Poema de los cerros bogotanos

 

Cerro de Monserrate visto desde el barrio La Macarena

Son azules las montañas, no cabe duda.
Lo dicen los poetas que las ven cada mañana y
cada mañana intentan ponerles un nuevo color, pero fracasan.
Al fin y al cabo el verde no es más que un azul mestizo
y los eucaliptos no saben muy bien qué color tienen sus hojas.

Son negras las montañas, no cabe duda.
La noche lo confirma en cada una de sus noches y
ninguna se ha atrevido a darle una opinión contraria.
Negra es la tierra, el hormiguero,
negro es el hollín del rencor en los fogones.

Son grises las montañas, no cabe duda.
Nadie las ha visto esta mañana entre la niebla y
si alguien se acercó para tocarlas, niebla eran sus manos.
Cada cual tiene su jardín secreto, sus zonas grises
donde ponerse al revés, y sin ser visto, los calcetines sucios.

Son rojas las montañas, no cabe duda.
Lo sabe el sol que ha contemplado sus espaldas y
cada tarde les regala de su reflejo escarlata los rubores.
¿Acaso no son rojos los ladrillos apiñados, peligro arriba, bajo los techos,
febril el flanco de quienes cuelgan la vida en la inconstancia de sus barrancos?

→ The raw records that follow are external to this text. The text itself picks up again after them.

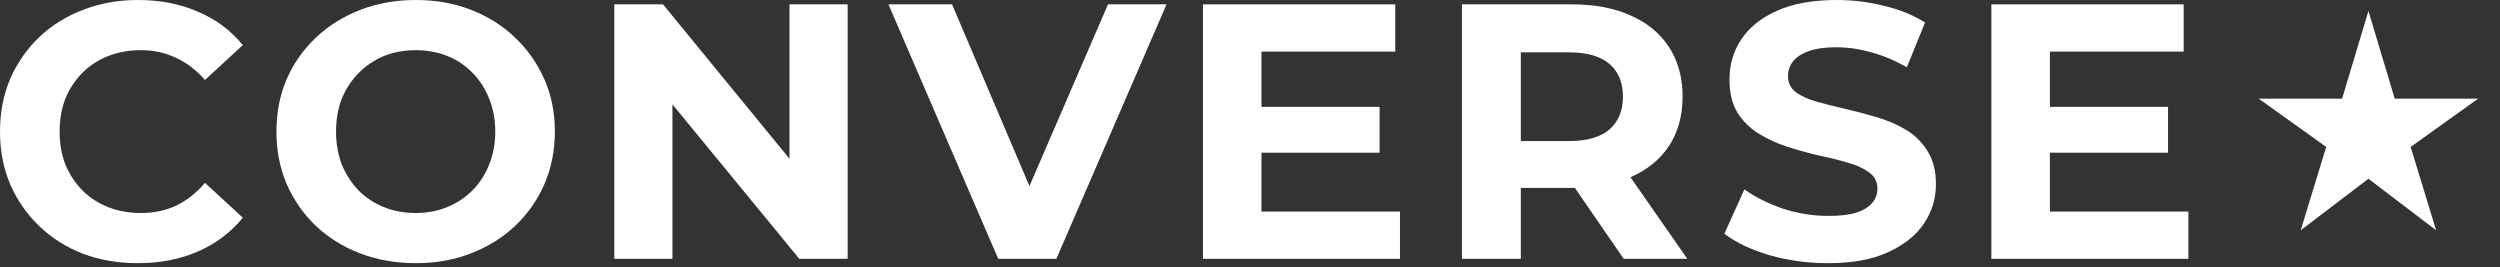 <svg width="215" height="23" viewBox="0 0 215 23" fill="none" xmlns="http://www.w3.org/2000/svg">
<rect x="0" y="0" width="215" height="23" fill="#333333" stroke="none"/>
<path d="M197.861 19.804L200.054 12.637L194.254 8.488H201.421L203.684 0.943L205.948 8.488H213.115L207.315 12.637L209.508 19.804L203.684 15.372L197.861 19.804Z" fill="white"/>
<path d="M175.916 9.191H186.451V13.13H175.916V9.191ZM176.291 18.194H188.201V22.258H171.258V0.375H187.795V4.439H176.291V18.194Z" fill="white"/>
<path d="M157.206 22.633C155.456 22.633 153.778 22.404 152.173 21.945C150.569 21.466 149.276 20.851 148.297 20.101L150.016 16.287C150.954 16.954 152.059 17.506 153.33 17.944C154.622 18.361 155.925 18.569 157.238 18.569C158.238 18.569 159.04 18.475 159.645 18.288C160.27 18.079 160.728 17.798 161.02 17.444C161.312 17.089 161.458 16.683 161.458 16.224C161.458 15.641 161.229 15.182 160.77 14.849C160.312 14.495 159.707 14.213 158.957 14.005C158.207 13.776 157.373 13.567 156.456 13.38C155.56 13.171 154.653 12.921 153.736 12.63C152.84 12.338 152.017 11.963 151.267 11.504C150.516 11.046 149.902 10.441 149.422 9.691C148.964 8.941 148.735 7.982 148.735 6.815C148.735 5.564 149.068 4.429 149.735 3.407C150.423 2.365 151.444 1.542 152.798 0.938C154.174 0.313 155.893 0 157.957 0C159.332 0 160.687 0.167 162.02 0.5C163.354 0.813 164.532 1.292 165.553 1.938L163.99 5.783C162.969 5.2 161.948 4.773 160.926 4.502C159.905 4.21 158.905 4.064 157.925 4.064C156.946 4.064 156.143 4.179 155.518 4.408C154.893 4.637 154.445 4.939 154.174 5.314C153.903 5.669 153.768 6.085 153.768 6.565C153.768 7.128 153.997 7.586 154.455 7.94C154.914 8.274 155.518 8.545 156.268 8.753C157.019 8.961 157.842 9.17 158.738 9.378C159.655 9.587 160.562 9.826 161.458 10.097C162.375 10.368 163.208 10.733 163.959 11.191C164.709 11.65 165.313 12.254 165.772 13.005C166.251 13.755 166.491 14.703 166.491 15.849C166.491 17.079 166.147 18.204 165.459 19.226C164.771 20.247 163.74 21.07 162.364 21.695C161.01 22.32 159.29 22.633 157.206 22.633Z" fill="white"/>
<path d="M125.727 22.258V0.375H135.199C137.158 0.375 138.846 0.698 140.263 1.344C141.68 1.969 142.774 2.876 143.545 4.064C144.316 5.252 144.702 6.669 144.702 8.315C144.702 9.941 144.316 11.348 143.545 12.536C142.774 13.703 141.68 14.599 140.263 15.224C138.846 15.849 137.158 16.162 135.199 16.162H128.54L130.791 13.942V22.258H125.727ZM139.638 22.258L134.167 14.317H139.575L145.108 22.258H139.638ZM130.791 14.505L128.54 12.129H134.917C136.48 12.129 137.647 11.796 138.419 11.129C139.19 10.441 139.575 9.503 139.575 8.315C139.575 7.107 139.19 6.169 138.419 5.502C137.647 4.835 136.48 4.501 134.917 4.501H128.54L130.791 2.094V14.505Z" fill="white"/>
<path d="M108.111 9.191H118.646V13.13H108.111V9.191ZM108.486 18.194H120.397V22.258H103.453V0.375H119.99V4.439H108.486V18.194Z" fill="white"/>
<path d="M85.847 22.258L76.406 0.375H81.877L90.13 19.757H86.91L95.288 0.375H100.321L90.849 22.258H85.847Z" fill="white"/>
<path d="M52.828 22.258V0.375H57.017L69.928 16.131H67.896V0.375H72.898V22.258H68.74L55.798 6.502H57.83V22.258H52.828Z" fill="white"/>
<path d="M35.778 22.633C34.048 22.633 32.443 22.352 30.963 21.789C29.505 21.226 28.233 20.434 27.15 19.413C26.087 18.392 25.253 17.194 24.649 15.818C24.065 14.443 23.773 12.942 23.773 11.316C23.773 9.691 24.065 8.19 24.649 6.815C25.253 5.439 26.097 4.241 27.181 3.22C28.265 2.199 29.536 1.407 30.995 0.844C32.454 0.281 34.038 0 35.746 0C37.476 0 39.06 0.281 40.498 0.844C41.957 1.407 43.218 2.199 44.281 3.22C45.364 4.241 46.208 5.439 46.813 6.815C47.417 8.17 47.719 9.67 47.719 11.316C47.719 12.942 47.417 14.453 46.813 15.849C46.208 17.225 45.364 18.423 44.281 19.444C43.218 20.445 41.957 21.226 40.498 21.789C39.06 22.352 37.487 22.633 35.778 22.633ZM35.746 18.319C36.726 18.319 37.622 18.152 38.435 17.819C39.269 17.485 39.998 17.006 40.623 16.381C41.248 15.756 41.728 15.016 42.061 14.161C42.415 13.307 42.593 12.358 42.593 11.316C42.593 10.274 42.415 9.326 42.061 8.472C41.728 7.617 41.248 6.877 40.623 6.252C40.019 5.627 39.3 5.148 38.466 4.814C37.633 4.481 36.726 4.314 35.746 4.314C34.767 4.314 33.86 4.481 33.027 4.814C32.214 5.148 31.495 5.627 30.87 6.252C30.244 6.877 29.755 7.617 29.4 8.472C29.067 9.326 28.9 10.274 28.9 11.316C28.9 12.338 29.067 13.286 29.4 14.161C29.755 15.016 30.234 15.756 30.838 16.381C31.464 17.006 32.193 17.485 33.027 17.819C33.86 18.152 34.767 18.319 35.746 18.319Z" fill="white"/>
<path d="M11.848 22.633C10.16 22.633 8.586 22.362 7.128 21.82C5.69 21.258 4.439 20.466 3.376 19.444C2.313 18.423 1.48 17.225 0.875 15.849C0.292 14.474 0 12.963 0 11.316C0 9.67 0.292 8.159 0.875 6.784C1.48 5.408 2.313 4.21 3.376 3.189C4.46 2.167 5.721 1.386 7.159 0.844C8.597 0.281 10.17 0 11.879 0C13.776 0 15.485 0.333 17.006 1C18.548 1.646 19.84 2.605 20.882 3.876L17.631 6.877C16.881 6.023 16.047 5.387 15.13 4.971C14.213 4.533 13.213 4.314 12.129 4.314C11.108 4.314 10.17 4.481 9.316 4.814C8.461 5.148 7.721 5.627 7.096 6.252C6.471 6.877 5.981 7.617 5.627 8.472C5.294 9.326 5.127 10.274 5.127 11.316C5.127 12.358 5.294 13.307 5.627 14.161C5.981 15.016 6.471 15.756 7.096 16.381C7.721 17.006 8.461 17.485 9.316 17.819C10.17 18.152 11.108 18.319 12.129 18.319C13.213 18.319 14.213 18.111 15.13 17.694C16.047 17.256 16.881 16.6 17.631 15.724L20.882 18.725C19.84 19.997 18.548 20.966 17.006 21.633C15.485 22.299 13.765 22.633 11.848 22.633Z" fill="white"/>
</svg>

Son verdes las montañas, no cabe duda.
Todos lo juran, apostarían a ciegas por ello y
ponen a los árboles como testigo: los nogales, ellos, no dicen nada.
Es verdad, la clorofila habla por la botánica, los juncos de sus humedales,
y hasta el verde que añadieron al lugar común de la esperanza.

Son de todos los colores las montañas, no cabe duda.
Blancas son las canteras que atentan contra su sexo de musgos y
a sus aguas desahuciadas les prometen el color plural de los desechos.
Junto a los perros pardos gimen los disparos, el eco dominical, abigarrado, de la ciudad
que al amparo de sus faldas halló un oriente más cierto, más cabal, que el de los dioses.

Poco importa el color de las montañas. Están allí. No cabe duda.
Dándole color a la memoria.

© leonardo torres londoño, obra en obra, 2011 (a la manera antigua)

Agradecimientos a Mar Agudelo por sus fotos.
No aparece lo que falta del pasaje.